One of Southwest Gwinnett Magazine's 21 Under 21 for 2024, Dang has now locked onto his direction. The 20-year-old is completing his Business Administration pathway at Perimeter College and this spring will continue his studies at GSU's downtown Atlanta Campus. Since reaching the U.S. he has begun a list of achievements that shows no sign of stopping.
But three years prior, none of that success seemed likely.
"I was so bored," he recalled. "Just like a boat on the sea without a compass, I had no direction. So I had to start over again, knowing nothing, not knowing what to do."
In Vietnam, Dang had found strength and identity in being a figure in the community, and belonging to "a family that always participated together and took care of each other." This became his starting point in Georgia. He had family who had moved here after the Vietnam War, and his sister attended Perimeter College. Dang enrolled at Perimeter and set about forging connections.

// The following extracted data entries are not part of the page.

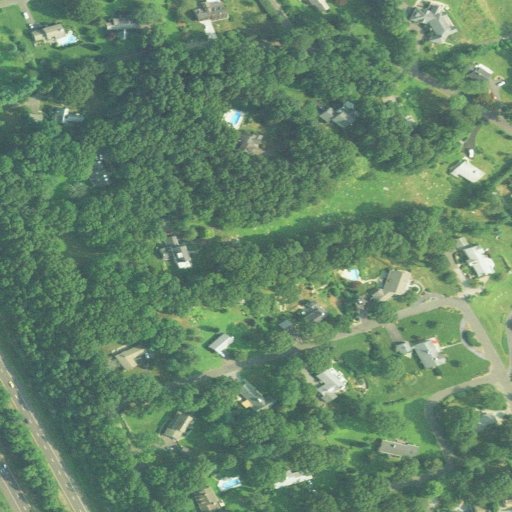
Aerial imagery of mountain in Connecticut named Cheney Hill containing deciduous forest, low intensity development, open development, medium intensity development, mixed forest, grassland, and pasture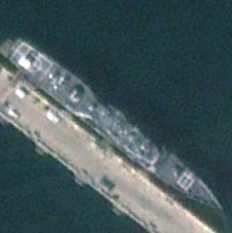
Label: cruiser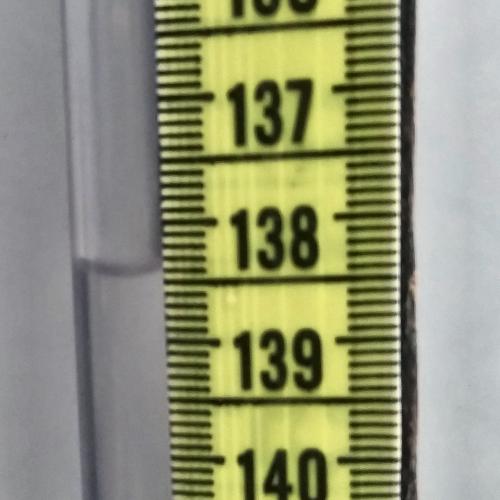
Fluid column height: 138.4 cm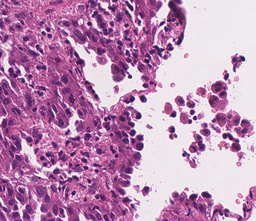
Tumor epithelial tissue: yes
Tumor-associated stroma tissue: yes
Normal tissue: no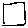
Label: square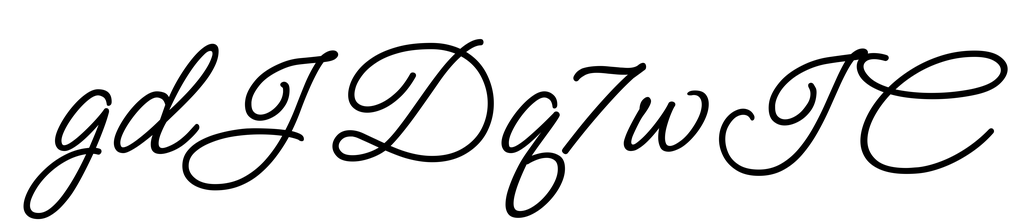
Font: MeowScript-Regular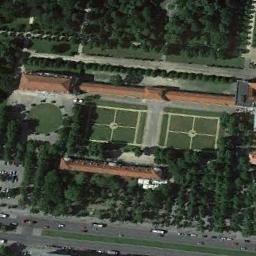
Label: palace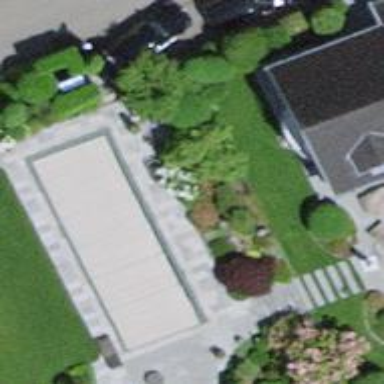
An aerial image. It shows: Swimming pool located in leisure land.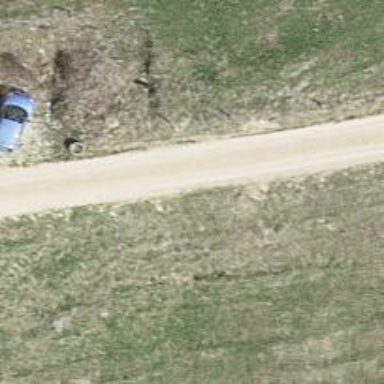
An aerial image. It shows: Unclassified road with fine gravel surface. The tracktype is grade2.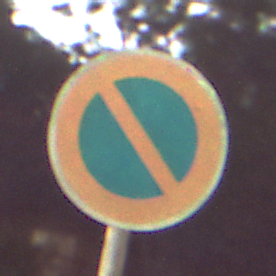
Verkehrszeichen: EingeschraenktesHalteverbot
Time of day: Night
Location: Outdoor (Suburban)
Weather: Clear
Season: NotSpecified
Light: Artificial
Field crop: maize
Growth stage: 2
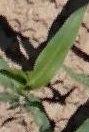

Early into his classes, Dang met Associate Professor of English Eric Kendrick, who began advising him on his classes and filling him in on American norms and idioms. Perimeter professors Michele De Liniere, Jennifer Miller and Moulare Kesse guided him, ultimately helping him "define the economics side" of his major.
Dang also points to his mother's journey as inspiration. After the Vietnam War she applied and was rejected for college five times. But she never gave up, eventually becoming a professor and dean of the Community Nutrition Department at the National College of Education, Ho Chi Minh City.
Since entering Perimeter College, Dang has racked up awards, from President's List to Speaker of the Senate in student government. But ask Dang his proudest moments and he'll tell you a story that involves no prizes.
In late fall 2023, a friend asked Dang for help. He's an organizer at Perimeter's Korean Culture Club, working to put together a dance workshop. Dang agreed. The next day Dang, was at Georgia Tech, introducing himself to a dance club on the campus. Weeks later, the project urgently needed funds, so Dang found himself speaking with Perimeter Assistant Dean of Students Theodora Johnson.
Ultimately the collaboration melded into a cross-college K-Pop dance smash success. More than 200 students attended.
The story distills everything Dang was in Vietnam and what he has become in the U.S.: An active community member, attentive to those in need and knowledgeable of where to turn for solutions.
"Whenever my family experienced problems and needed help they got help. Somehow they got help from people in the community. With that miracle, I don't take things for granted. I had the opportunity to come here. I want to give back somehow," he said.
"Service to the community gives me that direction."